2012-09-11 22:59:51しかし女というのは、あれよあれよと成熟していく訳で、ひがむよなあ。成長していく快楽。男には何よりもこれが欠けているのであって、欠けているから、一生懸命に働いたり、えばったりするのだし、そうする事が出来るのです。
2012-09-11 23:00:05なぜ男の快楽は横すべりに変化するだけで成長しないのだろうか。やはり、本質的に自分自身に対して怠けているからだろうか。
2012-09-11 23:00:14シュルツェの音がなぞっている世界。それは女の快楽が突き進んで発見した世界。つまり、イキっ放しの世界。体中のエネルギーを放出しつくして、すっからかんになり、欲望の溶鉱炉も冷めて、ようやくその姿をあわらにしてくる。

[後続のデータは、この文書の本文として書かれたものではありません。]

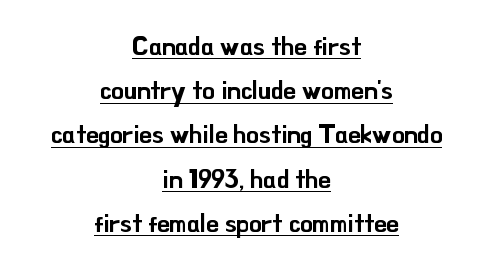
{"italic": "no", "underline": "yes", "align": "center", "line_spacing_ratio": 1.77, "letter_spacing": "normal", "letter_spacing_em": 0.0, "glyph_px": 25}
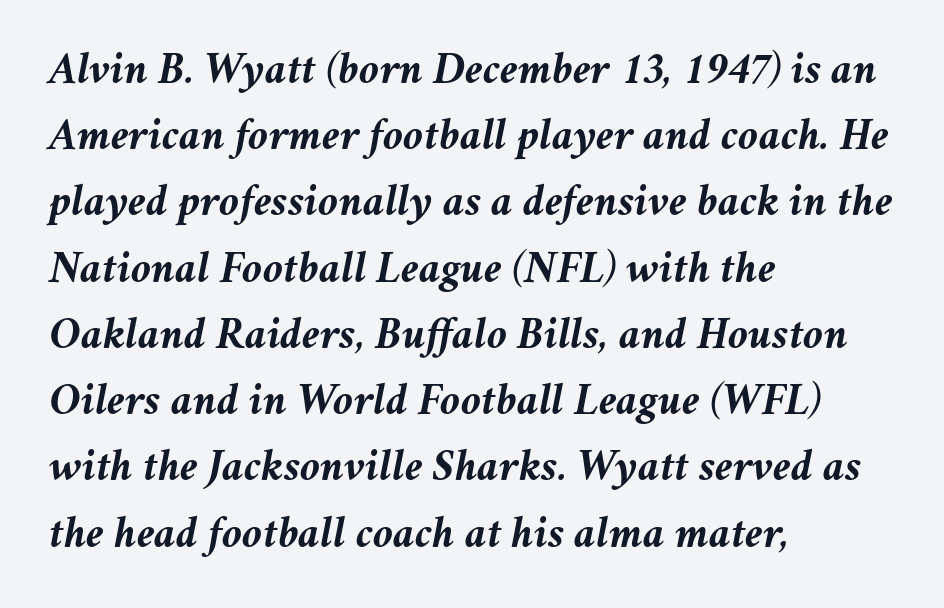
{"italic": "yes", "lean": "right", "slant_degrees": 11, "bold": "yes", "weight": "semibold", "width": "normal", "stroke_contrast": "medium", "x_height": "medium", "monospaced": "no", "underline": "no", "align": "left", "line_spacing": "normal", "line_spacing_ratio": 1.44, "letter_spacing": "normal", "letter_spacing_em": 0.0, "glyph_px": 46}

2012-09-11 23:00:25性器末。透明な太陽。サイボーグのエネルギーは無限の空虚。感情の裏側、眠りの内側、つややかな情念の表面を、僕は僕の全身を僕の掌としてなぞる。
2012-09-11 23:00:52内部の力は最早、内部に向かってでしか働かない。サイボーグ。深海潜水艇。たゆたひ。沈黙に接近するための言葉。このアルバムは全く新しい意味での情念論であり存在論だ。
2012-09-11 23:01:03東中野という駅は中央線沿線の新興有名駅と違って、どこかひなびた感じがして、高架でもないし、地理的にもとり残されたような駅です。
2012-09-11 23:01:58僕が新宿へ行くために各駅停車の総武線を待っていると、新宿の方から、やってくるやってくる、快速線の鋭い疾走を前にして、線路のきしみが一早く先行してやってくる。キィーン、クィーンン、気持イィーィン。気が付くと、いつの間にやらこの音のファンになっていた。
2012-09-11 23:02:08新宿のゴールデン街でセーラー服大会だとかいって、飲み助友達と一緒にセーラー服を着て騒いでいたら、最終電車はとうに終っていて、金もないので仕方なく歩き始めた。
2012-09-11 23:02:19ポツポツ歩いていると酔が体中に響いて気持ち良い。急に走りたくなって、えいやーとばかり大久保通りを走ってみると、ものの3分ともしないうちに、心臓は高まり息苦しくなり、ぶったおれてしまった。
2012-09-11 23:02:28路上のコンクリートが頬に冷たく、そして、耳の奥では、ドッキンドッキン(こんな擬態語でしか表わせないが、本当は、もっとふくらみのあるまろやかな響きなのです)と、いつかどこかで確かに聞き続けていたリズムと音が鳴っていた。
2012-09-11 23:02:37シュルツェの音は、最初は、例えば深夜の何にもやってないテレビの画像のように無意味に聞こえてくるかも知れない。しかし日常生活の、あの、意味あり気な無意味に比べれば、少しも疲れる事はない。
2012-09-11 23:02:48何度も聞いていると、それらの音は、みんなどこかで聞いた事がある。何者かのために遮断されてはいるが、いつでも、どこでも、鳴り響いている音だ。日常とは、そうだ、日常こそが豊饒の海であるはずなのだ。
2012-09-11 23:02:58いやあ、長い原稿だな。ロッキングオンでもらった頁は2か3ぐらいだったので、こんな文章がぎっちり。70年代の半ば。何かを突破しようとしていた時期だ。